The working function:

Public Function RegExtract(Txt As String, Pattern As String) As String

Dim rMatch As Object, arrayMatches(), i As Long

With CreateObject("vbscript.regexp")
    .Global = True
    .Pattern = Pattern
    If .Test(Txt) Then
        For Each rMatch In .Execute(Txt)
            If Not IsEmpty(rMatch.SubMatches(0)) Then
                ReDim Preserve arrayMatches(i)
                arrayMatches(i) = rMatch.SubMatches(0)
                i = i + 1
            End If
        Next
        RegExtract = Join(arrayMatches, " ")
    Else
        RegExtract = "No match found"
    End If
End With

End Function

Solution

  • RegexMatch:

    In addition to the answer given by @RonRosenfeld one could apply what some refer to as 'The Best Regex Trick Ever' which would imply to first match what you don't want and then match what you do want in a capture group. For example:

    ^.*\]|(\w+\.)
    

    See an online demo where in short this means:

    • ^.*\] - Match 0+ (Greedy) characters from the start of the string upto the last occurence of closing square brackets;
    • | - Or;
    • (\w+\.) - Capture group holding 1+ (Greedy) word-characters ending with a dot.
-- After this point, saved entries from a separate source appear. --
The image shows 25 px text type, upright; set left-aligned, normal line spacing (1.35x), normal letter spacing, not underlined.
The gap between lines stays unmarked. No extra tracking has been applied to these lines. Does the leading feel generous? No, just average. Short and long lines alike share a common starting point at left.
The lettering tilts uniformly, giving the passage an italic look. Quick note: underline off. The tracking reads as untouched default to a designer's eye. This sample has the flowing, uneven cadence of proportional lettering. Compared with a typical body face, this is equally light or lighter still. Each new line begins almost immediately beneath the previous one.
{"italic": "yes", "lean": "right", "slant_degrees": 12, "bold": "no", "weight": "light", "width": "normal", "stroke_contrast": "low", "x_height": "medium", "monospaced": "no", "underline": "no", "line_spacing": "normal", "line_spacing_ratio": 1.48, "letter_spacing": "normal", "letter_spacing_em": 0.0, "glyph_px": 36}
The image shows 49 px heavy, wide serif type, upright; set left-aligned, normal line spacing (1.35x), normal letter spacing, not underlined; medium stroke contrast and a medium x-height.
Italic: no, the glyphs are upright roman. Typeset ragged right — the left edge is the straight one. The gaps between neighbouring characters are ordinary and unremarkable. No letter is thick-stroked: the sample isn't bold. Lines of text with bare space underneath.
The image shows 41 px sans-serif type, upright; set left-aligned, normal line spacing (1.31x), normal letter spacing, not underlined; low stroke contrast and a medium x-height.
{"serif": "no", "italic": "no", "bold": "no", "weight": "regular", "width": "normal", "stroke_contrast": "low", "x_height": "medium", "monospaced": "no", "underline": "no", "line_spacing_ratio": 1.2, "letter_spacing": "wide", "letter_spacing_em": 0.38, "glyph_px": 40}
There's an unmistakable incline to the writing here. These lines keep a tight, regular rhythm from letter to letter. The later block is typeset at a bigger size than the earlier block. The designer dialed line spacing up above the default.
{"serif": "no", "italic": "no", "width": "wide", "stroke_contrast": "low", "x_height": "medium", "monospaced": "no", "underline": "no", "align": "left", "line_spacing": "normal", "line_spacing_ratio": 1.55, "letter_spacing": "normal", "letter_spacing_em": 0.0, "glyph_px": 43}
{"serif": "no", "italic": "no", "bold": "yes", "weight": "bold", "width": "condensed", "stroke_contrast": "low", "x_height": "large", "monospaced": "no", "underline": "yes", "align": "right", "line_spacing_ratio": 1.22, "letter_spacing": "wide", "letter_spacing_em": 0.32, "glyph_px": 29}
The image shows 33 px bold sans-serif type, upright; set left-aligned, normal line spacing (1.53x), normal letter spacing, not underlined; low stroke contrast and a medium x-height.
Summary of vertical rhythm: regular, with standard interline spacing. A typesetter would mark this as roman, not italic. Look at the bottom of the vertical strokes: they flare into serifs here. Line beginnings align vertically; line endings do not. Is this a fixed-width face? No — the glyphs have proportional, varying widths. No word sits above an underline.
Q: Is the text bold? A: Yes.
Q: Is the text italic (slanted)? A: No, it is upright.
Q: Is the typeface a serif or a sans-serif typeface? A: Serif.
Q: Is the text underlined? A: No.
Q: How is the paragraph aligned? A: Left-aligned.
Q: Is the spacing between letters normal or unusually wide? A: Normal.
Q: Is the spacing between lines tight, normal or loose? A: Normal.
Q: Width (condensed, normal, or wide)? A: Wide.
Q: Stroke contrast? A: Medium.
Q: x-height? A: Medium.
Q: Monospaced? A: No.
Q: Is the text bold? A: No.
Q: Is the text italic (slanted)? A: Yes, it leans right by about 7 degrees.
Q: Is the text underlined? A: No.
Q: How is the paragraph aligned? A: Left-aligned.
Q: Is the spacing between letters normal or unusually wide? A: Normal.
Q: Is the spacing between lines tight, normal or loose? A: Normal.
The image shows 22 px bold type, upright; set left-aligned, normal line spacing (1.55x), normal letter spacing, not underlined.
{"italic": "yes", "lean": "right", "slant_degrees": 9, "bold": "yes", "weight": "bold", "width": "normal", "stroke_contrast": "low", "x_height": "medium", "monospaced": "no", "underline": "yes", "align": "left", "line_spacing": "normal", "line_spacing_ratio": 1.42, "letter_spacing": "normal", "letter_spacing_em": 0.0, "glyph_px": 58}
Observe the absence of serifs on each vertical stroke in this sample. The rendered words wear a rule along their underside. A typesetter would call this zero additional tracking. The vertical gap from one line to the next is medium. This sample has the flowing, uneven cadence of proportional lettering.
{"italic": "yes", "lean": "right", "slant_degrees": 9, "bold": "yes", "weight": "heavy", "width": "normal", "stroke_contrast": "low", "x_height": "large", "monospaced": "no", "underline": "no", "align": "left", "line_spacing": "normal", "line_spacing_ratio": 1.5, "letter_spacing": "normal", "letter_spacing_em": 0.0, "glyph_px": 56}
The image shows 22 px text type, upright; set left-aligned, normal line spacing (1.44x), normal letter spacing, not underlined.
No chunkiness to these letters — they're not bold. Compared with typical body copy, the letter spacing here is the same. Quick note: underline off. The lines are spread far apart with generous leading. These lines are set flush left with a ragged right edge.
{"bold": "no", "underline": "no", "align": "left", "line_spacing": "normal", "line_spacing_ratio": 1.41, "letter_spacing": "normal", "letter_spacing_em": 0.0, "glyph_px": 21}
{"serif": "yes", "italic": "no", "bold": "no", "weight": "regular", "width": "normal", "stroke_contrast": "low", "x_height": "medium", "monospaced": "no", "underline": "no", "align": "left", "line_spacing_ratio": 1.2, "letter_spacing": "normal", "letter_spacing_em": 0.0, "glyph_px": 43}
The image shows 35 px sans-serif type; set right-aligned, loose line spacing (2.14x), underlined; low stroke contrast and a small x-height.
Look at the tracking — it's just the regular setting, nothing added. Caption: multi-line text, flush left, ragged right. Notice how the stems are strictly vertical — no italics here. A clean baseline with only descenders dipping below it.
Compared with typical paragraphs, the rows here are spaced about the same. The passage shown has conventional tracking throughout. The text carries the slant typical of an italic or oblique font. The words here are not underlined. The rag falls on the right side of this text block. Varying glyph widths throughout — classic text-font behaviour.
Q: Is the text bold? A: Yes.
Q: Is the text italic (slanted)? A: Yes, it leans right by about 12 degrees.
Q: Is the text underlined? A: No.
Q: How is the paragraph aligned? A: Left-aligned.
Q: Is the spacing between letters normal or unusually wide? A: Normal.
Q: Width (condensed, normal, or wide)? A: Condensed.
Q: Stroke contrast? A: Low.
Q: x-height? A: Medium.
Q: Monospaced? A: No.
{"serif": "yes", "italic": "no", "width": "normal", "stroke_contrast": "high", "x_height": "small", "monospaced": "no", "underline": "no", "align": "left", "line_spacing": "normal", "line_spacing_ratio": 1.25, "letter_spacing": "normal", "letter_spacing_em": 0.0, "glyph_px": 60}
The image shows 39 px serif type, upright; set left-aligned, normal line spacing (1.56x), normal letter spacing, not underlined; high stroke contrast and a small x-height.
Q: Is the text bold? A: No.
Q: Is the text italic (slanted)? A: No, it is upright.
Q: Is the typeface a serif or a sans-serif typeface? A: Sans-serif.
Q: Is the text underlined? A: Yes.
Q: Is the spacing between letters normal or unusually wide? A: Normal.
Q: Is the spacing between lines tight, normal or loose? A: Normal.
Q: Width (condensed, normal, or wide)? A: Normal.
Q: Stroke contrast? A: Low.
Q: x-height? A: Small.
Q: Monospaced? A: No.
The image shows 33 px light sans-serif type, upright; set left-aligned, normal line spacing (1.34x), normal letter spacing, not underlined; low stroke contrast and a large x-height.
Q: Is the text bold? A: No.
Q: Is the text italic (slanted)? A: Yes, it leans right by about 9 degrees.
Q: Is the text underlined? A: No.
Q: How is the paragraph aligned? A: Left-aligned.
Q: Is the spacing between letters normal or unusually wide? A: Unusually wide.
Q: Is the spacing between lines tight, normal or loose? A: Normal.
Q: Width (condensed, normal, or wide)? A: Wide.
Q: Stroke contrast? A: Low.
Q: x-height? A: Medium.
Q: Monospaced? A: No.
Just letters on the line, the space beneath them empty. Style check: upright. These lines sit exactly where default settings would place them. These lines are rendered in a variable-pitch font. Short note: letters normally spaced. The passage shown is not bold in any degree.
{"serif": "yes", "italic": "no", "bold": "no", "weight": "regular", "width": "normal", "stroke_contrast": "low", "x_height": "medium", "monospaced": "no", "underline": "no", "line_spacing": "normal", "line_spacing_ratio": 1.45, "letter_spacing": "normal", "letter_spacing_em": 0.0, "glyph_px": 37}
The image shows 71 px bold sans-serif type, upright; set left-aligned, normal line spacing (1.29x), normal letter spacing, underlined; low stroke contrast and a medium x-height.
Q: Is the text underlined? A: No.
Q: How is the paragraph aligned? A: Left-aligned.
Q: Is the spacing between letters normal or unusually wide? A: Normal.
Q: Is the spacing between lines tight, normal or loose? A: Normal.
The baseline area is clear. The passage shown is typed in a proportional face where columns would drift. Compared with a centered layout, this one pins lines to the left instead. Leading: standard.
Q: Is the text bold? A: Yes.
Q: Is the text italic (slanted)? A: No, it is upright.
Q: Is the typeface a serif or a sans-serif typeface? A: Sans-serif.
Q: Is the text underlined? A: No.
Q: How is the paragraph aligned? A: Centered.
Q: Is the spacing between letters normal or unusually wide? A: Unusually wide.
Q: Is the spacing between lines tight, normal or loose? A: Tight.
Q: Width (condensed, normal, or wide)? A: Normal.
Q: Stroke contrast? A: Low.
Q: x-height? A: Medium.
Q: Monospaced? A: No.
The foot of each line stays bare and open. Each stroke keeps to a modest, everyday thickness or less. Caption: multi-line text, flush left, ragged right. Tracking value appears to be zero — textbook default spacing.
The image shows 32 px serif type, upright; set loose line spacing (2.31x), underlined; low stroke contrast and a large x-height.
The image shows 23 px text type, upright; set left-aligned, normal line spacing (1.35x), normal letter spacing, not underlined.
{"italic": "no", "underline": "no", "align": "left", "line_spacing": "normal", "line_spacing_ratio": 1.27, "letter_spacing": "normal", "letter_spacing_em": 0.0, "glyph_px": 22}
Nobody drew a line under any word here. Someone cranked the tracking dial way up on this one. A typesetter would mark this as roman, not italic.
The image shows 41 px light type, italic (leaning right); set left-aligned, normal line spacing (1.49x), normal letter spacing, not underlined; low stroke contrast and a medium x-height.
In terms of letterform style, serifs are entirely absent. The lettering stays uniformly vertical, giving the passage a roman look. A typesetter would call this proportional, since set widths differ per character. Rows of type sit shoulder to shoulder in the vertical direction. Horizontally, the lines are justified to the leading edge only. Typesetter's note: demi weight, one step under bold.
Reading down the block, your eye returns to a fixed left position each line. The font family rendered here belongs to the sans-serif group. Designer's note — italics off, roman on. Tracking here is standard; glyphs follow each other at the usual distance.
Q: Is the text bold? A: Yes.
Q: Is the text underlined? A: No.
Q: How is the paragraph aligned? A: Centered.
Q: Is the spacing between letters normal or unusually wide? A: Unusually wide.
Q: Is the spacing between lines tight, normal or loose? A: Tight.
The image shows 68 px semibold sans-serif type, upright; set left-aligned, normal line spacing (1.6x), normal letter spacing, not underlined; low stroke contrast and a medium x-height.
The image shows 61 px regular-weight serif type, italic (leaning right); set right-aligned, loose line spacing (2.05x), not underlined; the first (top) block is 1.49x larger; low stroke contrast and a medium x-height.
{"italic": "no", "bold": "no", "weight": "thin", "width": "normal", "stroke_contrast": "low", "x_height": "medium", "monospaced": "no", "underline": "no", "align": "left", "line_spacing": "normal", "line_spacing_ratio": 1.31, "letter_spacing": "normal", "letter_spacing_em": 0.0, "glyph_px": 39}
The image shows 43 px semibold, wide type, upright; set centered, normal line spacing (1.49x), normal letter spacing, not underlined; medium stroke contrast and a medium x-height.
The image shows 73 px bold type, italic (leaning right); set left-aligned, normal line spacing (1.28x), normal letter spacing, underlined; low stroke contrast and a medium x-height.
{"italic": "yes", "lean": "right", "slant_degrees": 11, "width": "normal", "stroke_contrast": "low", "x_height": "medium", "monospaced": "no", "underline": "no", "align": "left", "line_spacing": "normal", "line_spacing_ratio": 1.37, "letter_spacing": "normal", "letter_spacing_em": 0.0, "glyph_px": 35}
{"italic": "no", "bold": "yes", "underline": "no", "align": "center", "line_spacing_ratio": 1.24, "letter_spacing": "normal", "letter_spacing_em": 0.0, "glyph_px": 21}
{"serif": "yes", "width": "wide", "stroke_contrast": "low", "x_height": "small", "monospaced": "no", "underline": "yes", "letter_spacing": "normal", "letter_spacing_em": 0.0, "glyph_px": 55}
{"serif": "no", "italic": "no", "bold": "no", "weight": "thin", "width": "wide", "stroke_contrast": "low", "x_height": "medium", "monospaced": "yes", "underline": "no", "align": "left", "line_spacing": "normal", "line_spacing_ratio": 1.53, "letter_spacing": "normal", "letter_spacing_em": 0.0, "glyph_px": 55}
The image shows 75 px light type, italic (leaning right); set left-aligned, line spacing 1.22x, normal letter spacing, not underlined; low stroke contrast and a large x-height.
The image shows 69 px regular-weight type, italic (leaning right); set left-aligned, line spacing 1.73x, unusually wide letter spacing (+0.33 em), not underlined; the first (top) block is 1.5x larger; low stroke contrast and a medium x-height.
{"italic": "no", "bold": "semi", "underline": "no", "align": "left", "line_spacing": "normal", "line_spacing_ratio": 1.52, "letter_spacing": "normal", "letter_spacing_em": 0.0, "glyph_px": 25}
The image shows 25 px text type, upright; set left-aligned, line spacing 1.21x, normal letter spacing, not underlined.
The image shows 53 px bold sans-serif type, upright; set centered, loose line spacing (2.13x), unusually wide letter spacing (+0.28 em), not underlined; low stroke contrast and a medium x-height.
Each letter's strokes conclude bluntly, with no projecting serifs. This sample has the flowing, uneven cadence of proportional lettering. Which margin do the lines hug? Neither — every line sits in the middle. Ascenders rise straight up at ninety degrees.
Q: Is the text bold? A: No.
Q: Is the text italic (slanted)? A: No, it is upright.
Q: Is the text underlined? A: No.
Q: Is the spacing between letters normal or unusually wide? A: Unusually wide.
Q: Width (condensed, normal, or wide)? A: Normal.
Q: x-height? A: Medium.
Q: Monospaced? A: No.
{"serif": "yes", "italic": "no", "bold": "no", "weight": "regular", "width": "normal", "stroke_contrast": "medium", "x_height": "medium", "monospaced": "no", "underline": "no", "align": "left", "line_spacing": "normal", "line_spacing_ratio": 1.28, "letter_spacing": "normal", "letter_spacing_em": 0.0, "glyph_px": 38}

    Here is how it could work in an UDF:

    Sub Test()
    
    Dim s As String: s = "some text [asred.] ost. |Monday - Ribben (ult.) lot. ac, sino. other maybe long text; collan. "
    
    Debug.Print RegExtract(s, "^.*\]|(\w+\.)")
    
    End Sub
    
    '------
    
    'The above Sub would invoke the below function as an example.
    'But you could also invoke this through: `=RegExtract(A1,"^.*\]|(\w+\.)")`
    'on your sheet.
    
    '------
    
    Public Function RegExtract(Txt As String, Pattern As String) As String
    
    Dim rMatch As Object, arrayMatches(), i As Long
    
    With CreateObject("vbscript.regexp")
        .Global = True
        .Pattern = Pattern
        If .Test(Txt) Then
            For Each rMatch In .Execute(Txt)
                If Not IsEmpty(rMatch.SubMatches(0)) Then
                    ReDim Preserve arrayMatches(i)
                    arrayMatches(i) = rMatch.SubMatches(0)
                    i = i + 1
                End If
            Next
            RegExtract = Join(arrayMatches, " ")
        Else
            RegExtract = "No match found"
        End If
    End With
    
    End Function
    

    RegexReplace:

    Depending on your desired output one could also use a replace function. You'd have to match any remaining character with another alternative for that. For example:

    ^.*\]|(\w+\.\s?)|.
    

    See an online demo where in short this means that we added another alternative which is simply any single character. A 2nd small addition is that we added the option of an optional space character \s? in the 2nd alternative.

    Sub Test()
    
    Dim s As String: s = "some text [asred.] ost. |Monday - Ribben (ult.) lot. ac, sino. other maybe long text; collan. "
    
    Debug.Print RegReplace(s, "^.*\]|(\w+\.\s?)|.", "$1")
    
    End Sub
    
    '------
    
    'There are now 3 parameters to parse to the UDF; String, Pattern and Replacement.
    
    '------
    
    Public Function RegReplace(Txt As String, Pattern As String, Replacement) As String
    
    Dim rMatch As Object, arrayMatches(), i As Long
    
    With CreateObject("vbscript.regexp")
        .Global = True
        .Pattern = Pattern
        RegReplace = Trim(.Replace(Txt, Replacement))
    End With
    
    End Function
    

    Note that I used Trim() to remove possible trailing spaces.


    Both RegexMatch and RegexReplace would currently return a single string to clean the input but the former does give you the option to deal with the array in the arrayMatches() variable.